─── Record extracts ───

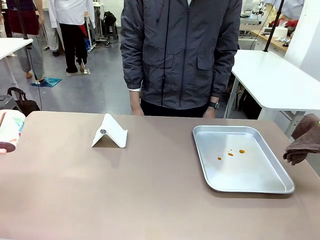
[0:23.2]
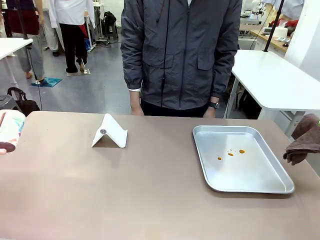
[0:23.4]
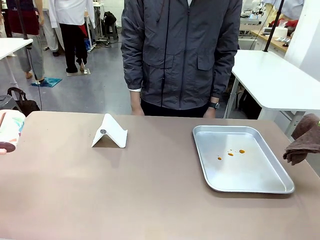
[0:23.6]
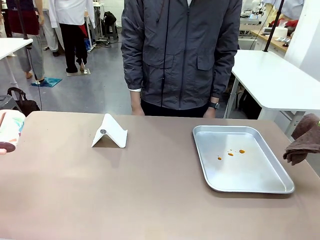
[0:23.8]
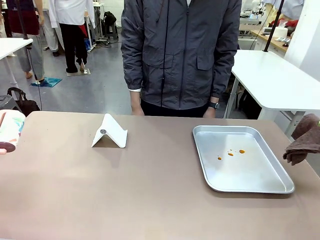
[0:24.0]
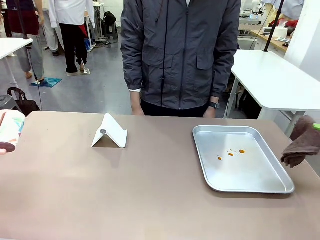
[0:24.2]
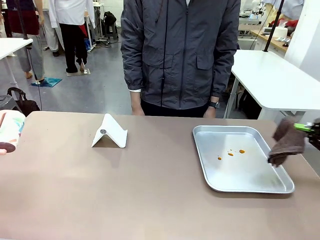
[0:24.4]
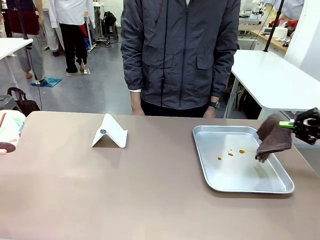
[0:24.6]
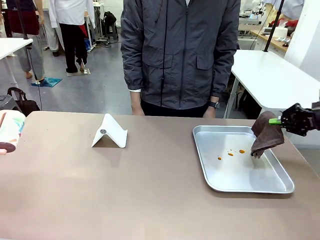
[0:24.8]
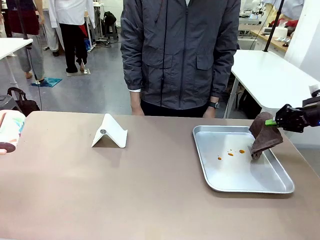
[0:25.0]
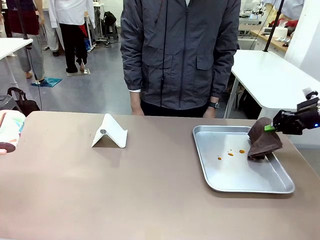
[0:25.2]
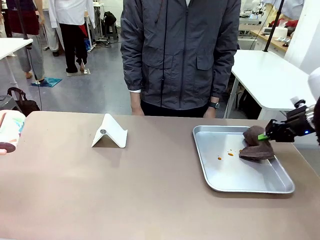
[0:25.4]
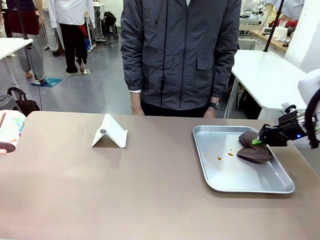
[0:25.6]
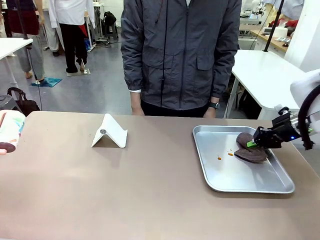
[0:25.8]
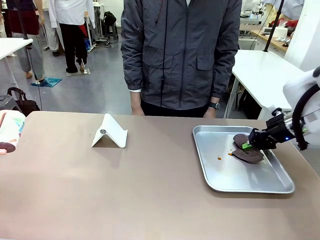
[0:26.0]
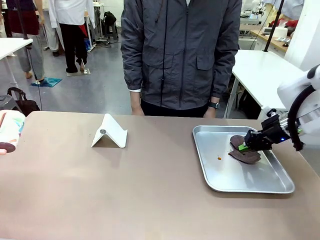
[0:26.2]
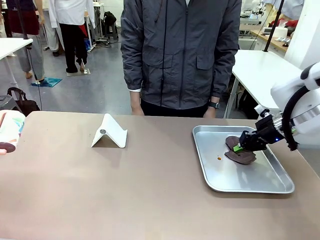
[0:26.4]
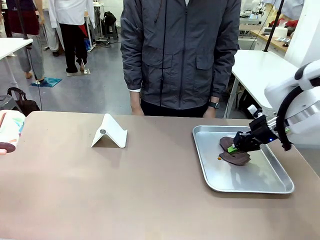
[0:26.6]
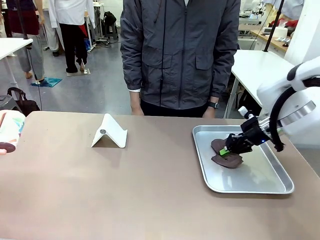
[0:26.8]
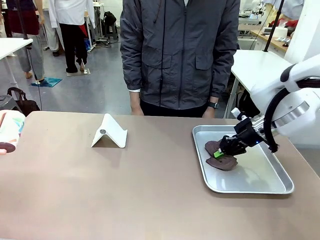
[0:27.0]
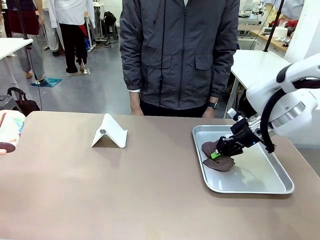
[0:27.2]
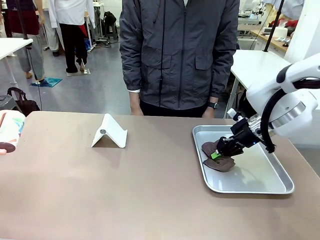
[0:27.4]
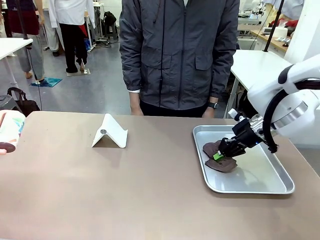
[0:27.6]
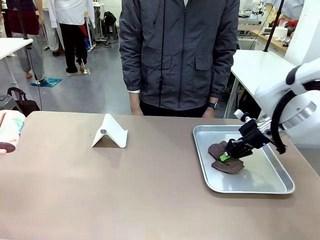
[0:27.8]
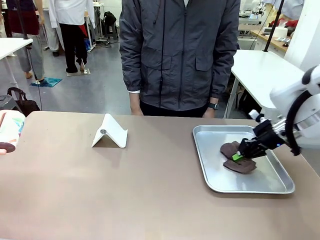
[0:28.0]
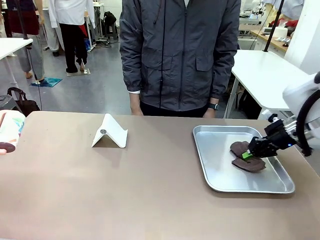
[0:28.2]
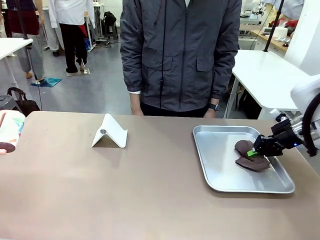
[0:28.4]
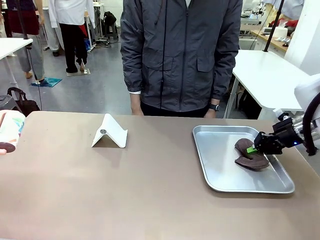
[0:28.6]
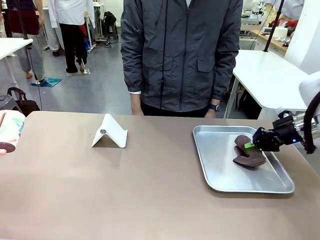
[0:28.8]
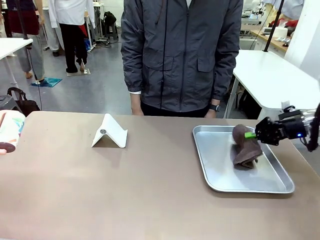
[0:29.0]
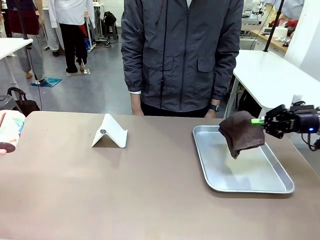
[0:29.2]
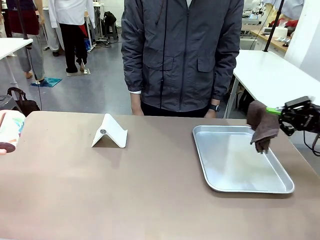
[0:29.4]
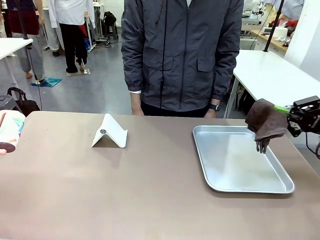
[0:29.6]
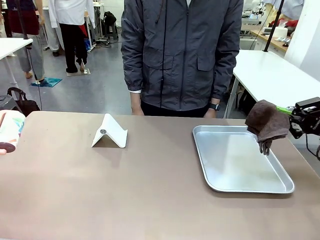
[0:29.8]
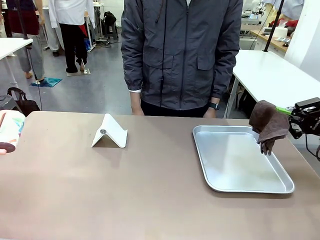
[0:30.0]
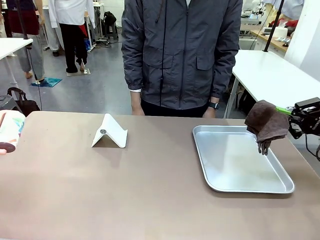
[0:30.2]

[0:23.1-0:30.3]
Task: Clean the surface of the table.
Robot: Clean the area not pointed to by the person.

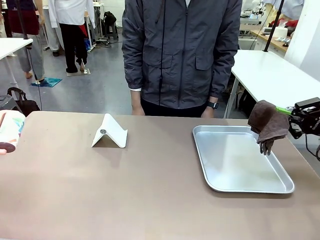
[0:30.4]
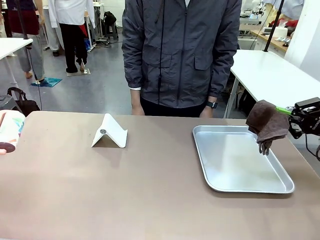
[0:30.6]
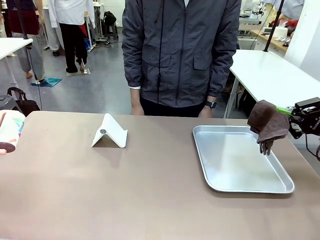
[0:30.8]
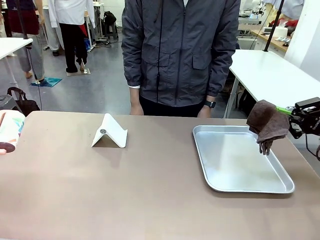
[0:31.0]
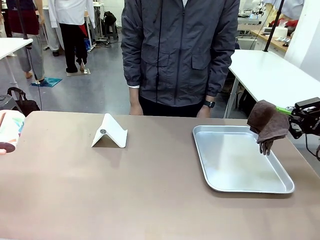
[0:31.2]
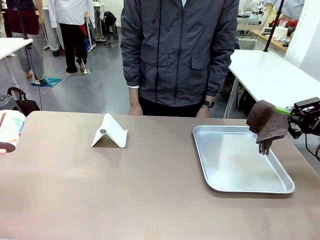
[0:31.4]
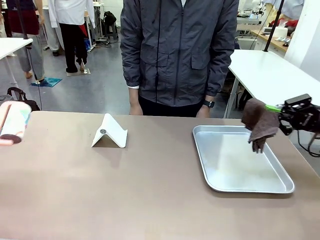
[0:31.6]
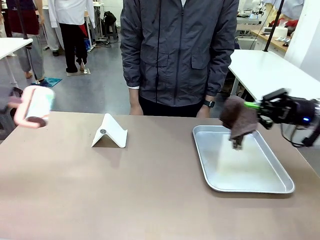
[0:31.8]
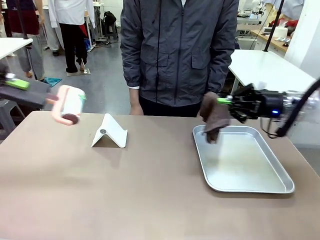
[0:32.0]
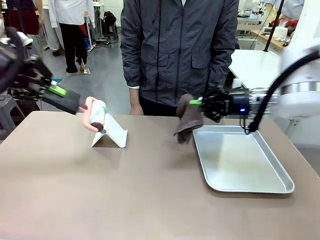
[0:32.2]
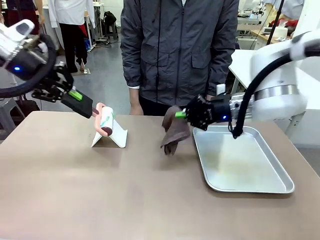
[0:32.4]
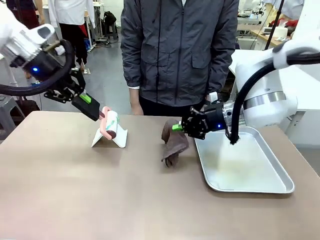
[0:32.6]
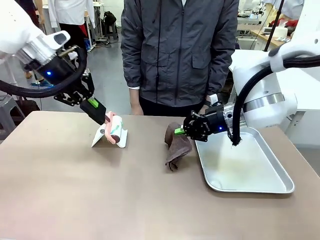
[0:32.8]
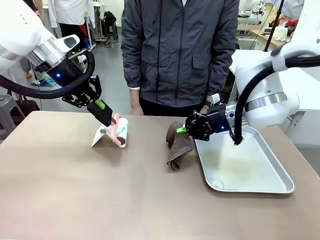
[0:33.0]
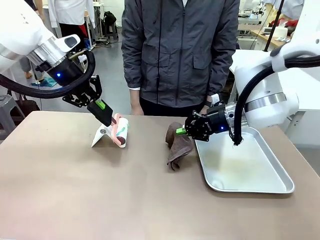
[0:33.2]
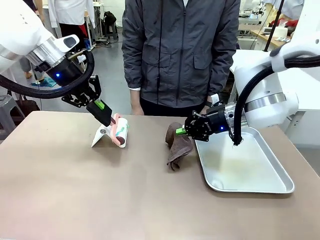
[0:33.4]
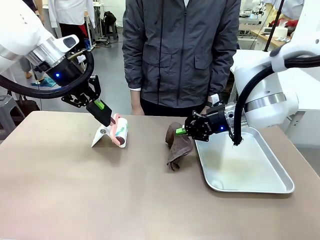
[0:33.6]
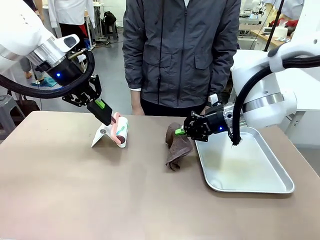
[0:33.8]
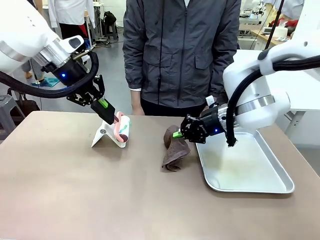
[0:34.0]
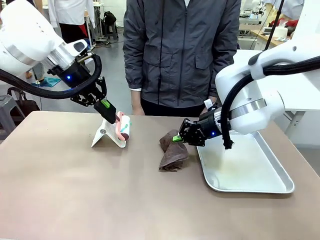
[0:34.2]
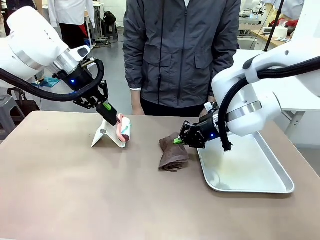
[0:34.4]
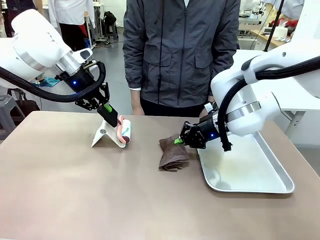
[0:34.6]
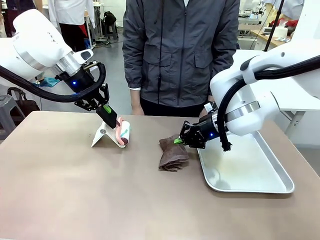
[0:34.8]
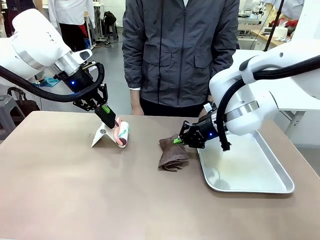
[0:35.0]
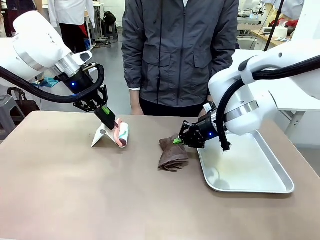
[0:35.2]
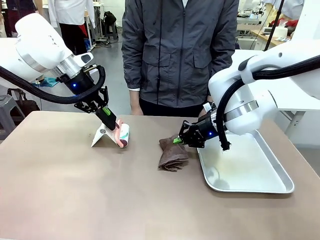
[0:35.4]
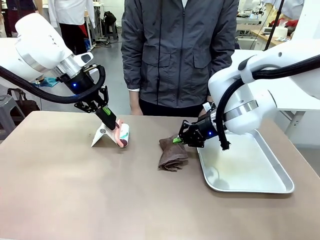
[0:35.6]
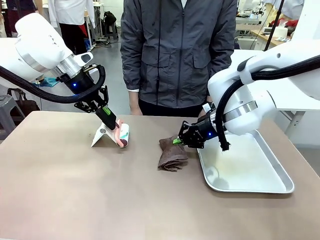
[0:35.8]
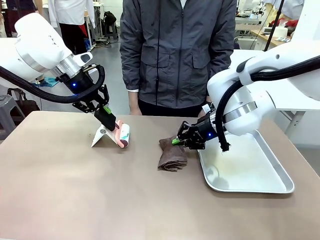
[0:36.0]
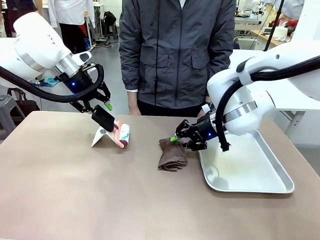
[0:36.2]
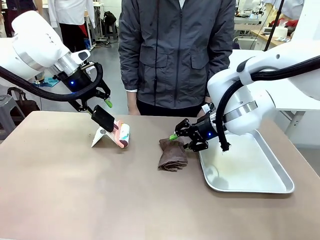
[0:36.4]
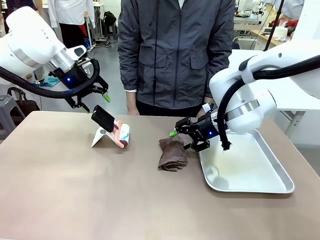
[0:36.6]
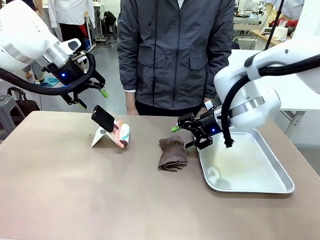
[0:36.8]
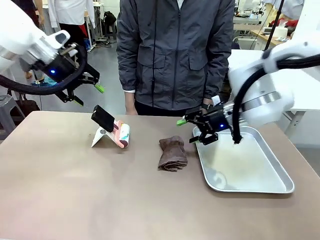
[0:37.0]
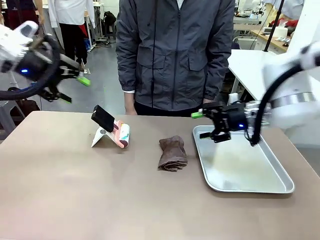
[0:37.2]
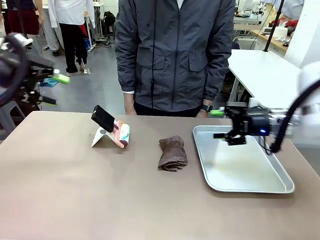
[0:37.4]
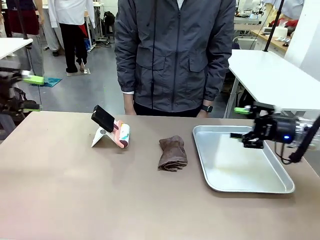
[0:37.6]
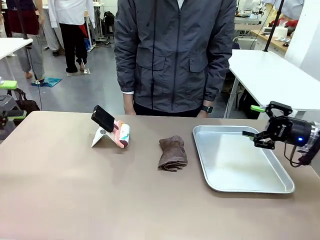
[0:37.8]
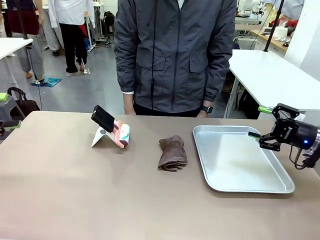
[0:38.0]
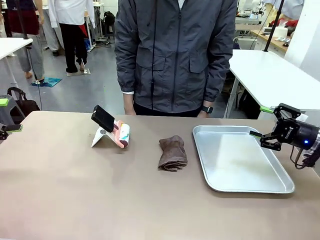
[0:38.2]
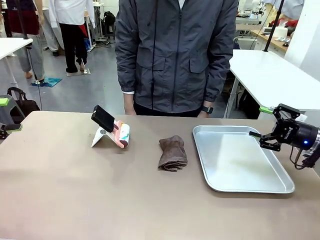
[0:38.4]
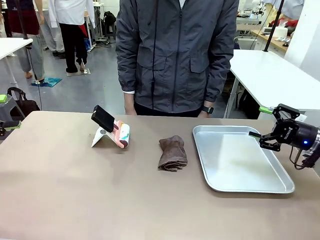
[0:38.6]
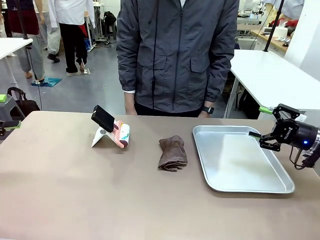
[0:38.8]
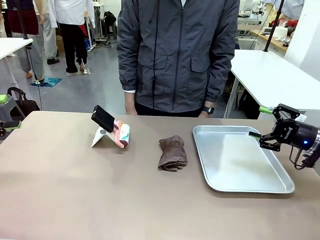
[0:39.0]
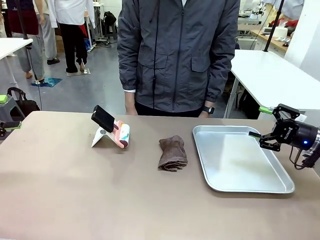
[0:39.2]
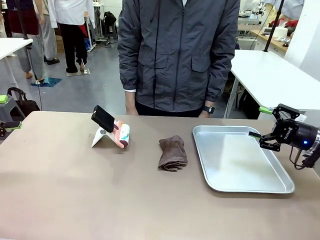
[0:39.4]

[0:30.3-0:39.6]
Robot: Return the Lint Roller and towel to their original positions.

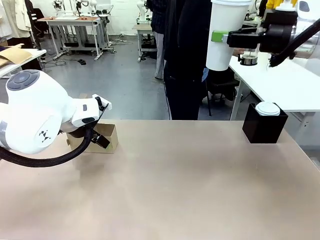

───

= What you will do =
Word for word, restate the records shown above, minus the pictures.

= Result below =
[0:23.2]
[0:23.4]
[0:23.6]
[0:23.8]
[0:24.0]
[0:24.2]
[0:24.4]
[0:24.6]
[0:24.8]
[0:25.0]
[0:25.2]
[0:25.4]
[0:25.6]
[0:25.8]
[0:26.0]
[0:26.2]
[0:26.4]
[0:26.6]
[0:26.8]
[0:27.0]
[0:27.2]
[0:27.4]
[0:27.6]
[0:27.8]
[0:28.0]
[0:28.2]
[0:28.4]
[0:28.6]
[0:28.8]
[0:29.0]
[0:29.2]
[0:29.4]
[0:29.6]
[0:29.8]
[0:30.0]
[0:30.2]

[0:23.1-0:30.3]
Task: Clean the surface of the table.
Robot: Clean the area not pointed to by the person.

[0:30.4]
[0:30.6]
[0:30.8]
[0:31.0]
[0:31.2]
[0:31.4]
[0:31.6]
[0:31.8]
[0:32.0]
[0:32.2]
[0:32.4]
[0:32.6]
[0:32.8]
[0:33.0]
[0:33.2]
[0:33.4]
[0:33.6]
[0:33.8]
[0:34.0]
[0:34.2]
[0:34.4]
[0:34.6]
[0:34.8]
[0:35.0]
[0:35.2]
[0:35.4]
[0:35.6]
[0:35.8]
[0:36.0]
[0:36.2]
[0:36.4]
[0:36.6]
[0:36.8]
[0:37.0]
[0:37.2]
[0:37.4]
[0:37.6]
[0:37.8]
[0:38.0]
[0:38.2]
[0:38.4]
[0:38.6]
[0:38.8]
[0:39.0]
[0:39.2]
[0:39.4]

[0:30.3-0:39.6]
Robot: Return the Lint Roller and towel to their original positions.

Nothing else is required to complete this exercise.